这是一篇水水的无干货文章 题目地址
描述
Consider an arbitrary sequence of integers. One can place + or - operators between integers in the sequence, thus deriving different arithmetical expressions that evaluate to different values. Let us, for example, take the sequence: 17, 5, -21, 15. There are eight possible expressions: 17 + 5 + -21 + 15 = 16
17 + 5 + -21 - 15 = -14
17 + 5 - -21 + 15 = 58
17 + 5 - -21 - 15 = 28
17 - 5 + -21 + 15 = 6
17 - 5 + -21 - 15 = -24
17 - 5 - -21 + 15 = 48
17 - 5 - -21 - 15 = 18
We call the sequence of integers divisible by K if + or - operators can be placed between integers in the sequence in such way that resulting value is divisible by K. In the above example, the sequence is divisible by 7 (17+5+-21-15=-14) but is not divisible by 5.
You are to write a program that will determine divisibility of sequence of integers.
输入
The first line of the input file contains two integers, N and K (1 <= N <= 10000, 2 <= K <= 100) separated by a space.
The second line contains a sequence of N integers separated by spaces. Each integer is not greater than 10000 by it's absolute value.
输出
Write to the output file the word "Divisible" if given sequence of integers is divisible by K or "Not divisible" if it's not.

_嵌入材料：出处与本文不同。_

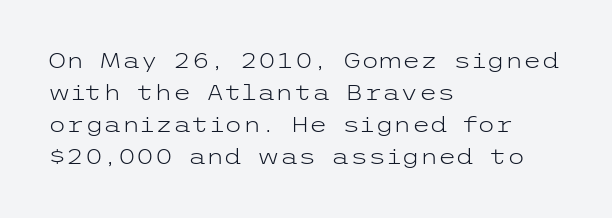
Is the block centered? No — it sits flush against the left margin. Honestly, the row spacing looks completely unremarkable. Check under the words: just untouched page. Ascenders rise straight up at ninety degrees. Nobody touched the tracking dial on this one.
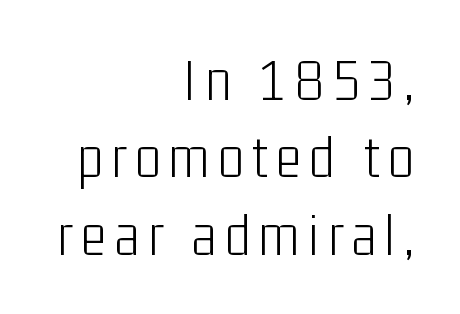
The passage shown is typed in a proportional face where columns would drift. Quick note: interline space is typical. Check under the words: just untouched page. The ragged edge is on the left, which tells us the setting is flush right. Observe the absence of serifs on each vertical stroke in this sample. The lettering stays uniformly vertical, giving the passage a roman look.
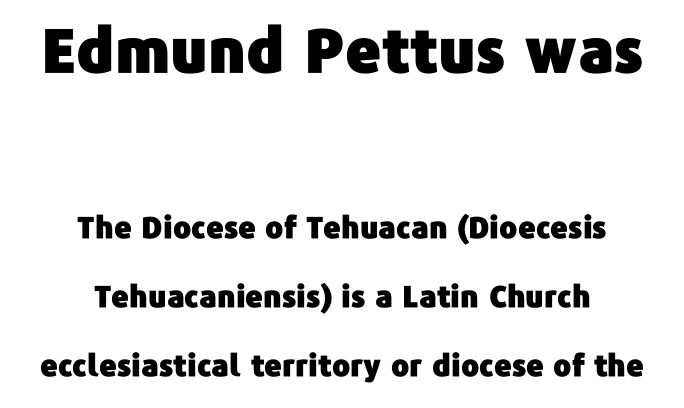
The image shows 61 px sans-serif type, upright; set centered, loose line spacing (2.31x), normal letter spacing, not underlined; the first (top) block is 2.03x larger; low stroke contrast and a medium x-height.
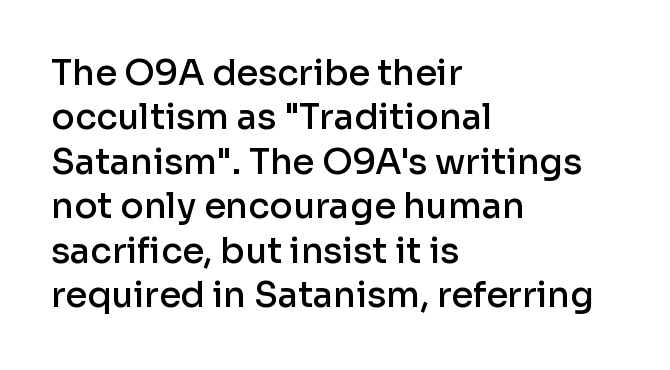
{"serif": "no", "italic": "no", "bold": "semi", "weight": "semibold", "width": "normal", "stroke_contrast": "low", "x_height": "medium", "monospaced": "no", "underline": "no", "align": "left", "line_spacing": "normal", "line_spacing_ratio": 1.27, "letter_spacing": "normal", "letter_spacing_em": 0.0, "glyph_px": 35}
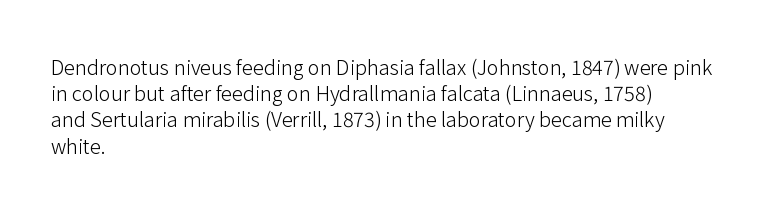
The image shows 20 px text type, upright; set left-aligned, normal line spacing (1.31x), normal letter spacing, not underlined.
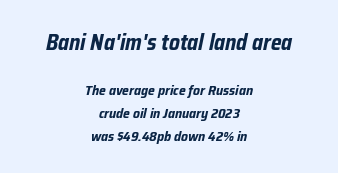
Q: Is the text bold? A: Yes.
Q: Is the text italic (slanted)? A: Yes, it leans right by about 12 degrees.
Q: Is the text underlined? A: No.
Q: How is the paragraph aligned? A: Centered.
Q: Is the spacing between letters normal or unusually wide? A: Normal.
Q: Is the spacing between lines tight, normal or loose? A: Normal.
Q: Which block of text is set in a larger size, the first (top) or the second (bottom)? A: The first (top) one.
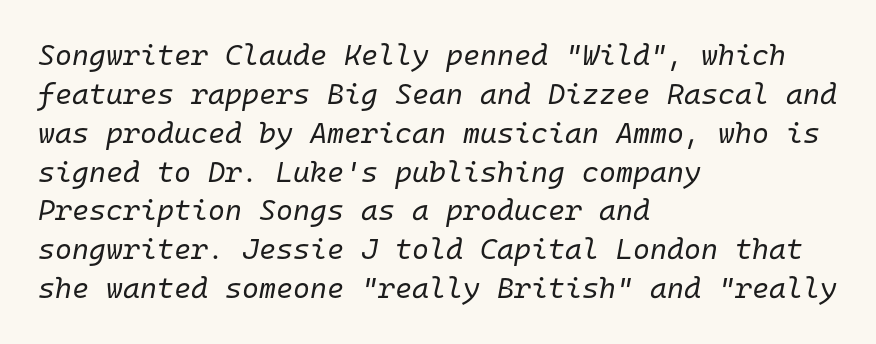
The image shows 29 px regular-weight type, italic (leaning right), monospaced; set left-aligned, normal line spacing (1.34x), normal letter spacing, not underlined; low stroke contrast and a medium x-height.
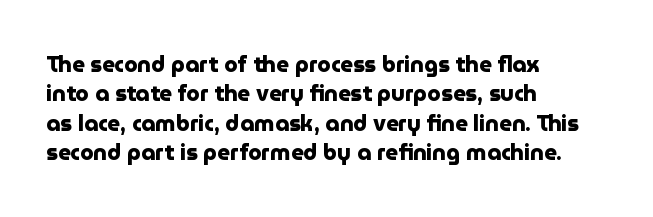
{"italic": "no", "bold": "yes", "underline": "no", "align": "left", "line_spacing": "normal", "line_spacing_ratio": 1.34, "letter_spacing": "normal", "letter_spacing_em": 0.0, "glyph_px": 22}
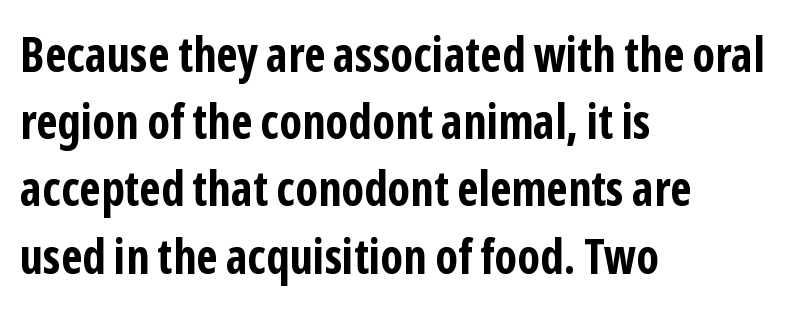
Observe the absence of serifs on each vertical stroke in this sample. Each glyph is drawn with heavy, bold strokes. Varying glyph widths throughout — classic text-font behaviour. Compared with a centered layout, this one pins lines to the left instead. Honestly, the letter spacing is just normal — you wouldn't notice it. The lettering holds an erect, upright posture throughout.
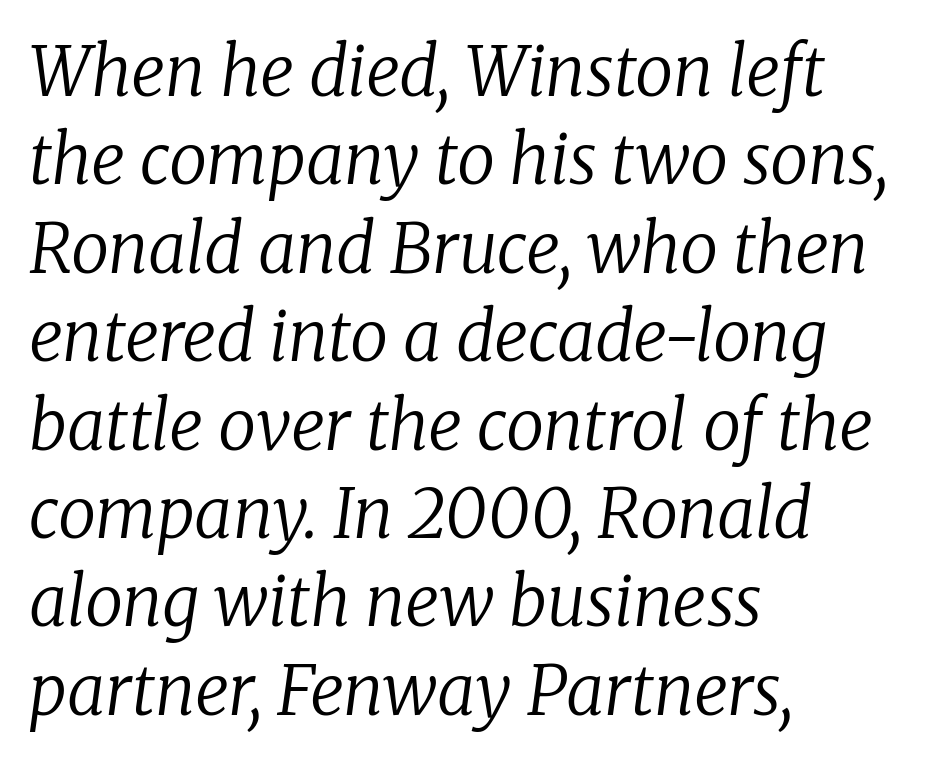
{"serif": "yes", "italic": "yes", "lean": "right", "slant_degrees": 8, "bold": "no", "weight": "regular", "width": "normal", "stroke_contrast": "low", "x_height": "medium", "monospaced": "no", "underline": "no", "align": "left", "line_spacing": "normal", "line_spacing_ratio": 1.3, "letter_spacing": "normal", "letter_spacing_em": 0.0, "glyph_px": 68}
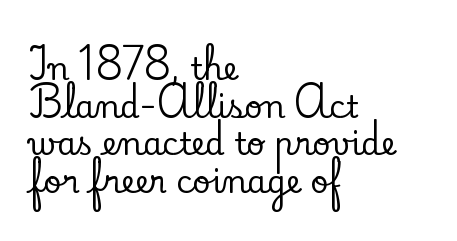
A typesetter would call this proportional, since set widths differ per character. Short note: letters normally spaced. The passage is arranged the way most books set body copy — flush left. Serifs: yes, visible at the terminals of the letterforms.

半夜睡不着觉的时候就起来随便看点题,正巧看到了这题。花了不少时间,稍微记录一下。
暴力递归O(2^N)不得了,怎么缩小规模呢?想到了同余类。
既然K最大只有100,那么建立一个bitset<102>nClass[102]是合适的,然后再将N缩成K的同余类。再利用欧拉定理将该类所能表示的同余类记录下来。最后利用动归逐类比较,找到可行表达。
逐类比较是O(K^3),这和咸鱼有什么区别呢?
粗暴的dp也就是O(N*K),简单明了。
所以,以上都是我自己的脑回路混乱之冗杂解法,是要坚决抛弃的。
最后的代码很常规。之前写的bug包括初始化没定好,数组行列弄反导致RE。
时间:96ms,内存:784kb,除了代码短时间内存过得去就没有什么优点了。
#include<iostream>
#include<bitset>
using namespace std;
bitset<10002>dp[102];
int main()
{
int n,m,tmp,one,a,b;
cin>>n>>m;
dp[0][n]=1;
while(n--)
{
cin>>tmp;
a=(tmp%m+m)%m;
b=((-tmp)%m+m)%m;
for(int i=0;i<m;++i)
{
if(dp[i][n+1]==1)
{
dp[(a+i)%m][n]=1;
dp[(b+i)%m][n]=1;
}
}
}
if(dp[0][0]==1)cout<<"Divisible";else cout<<"Not divisible";
}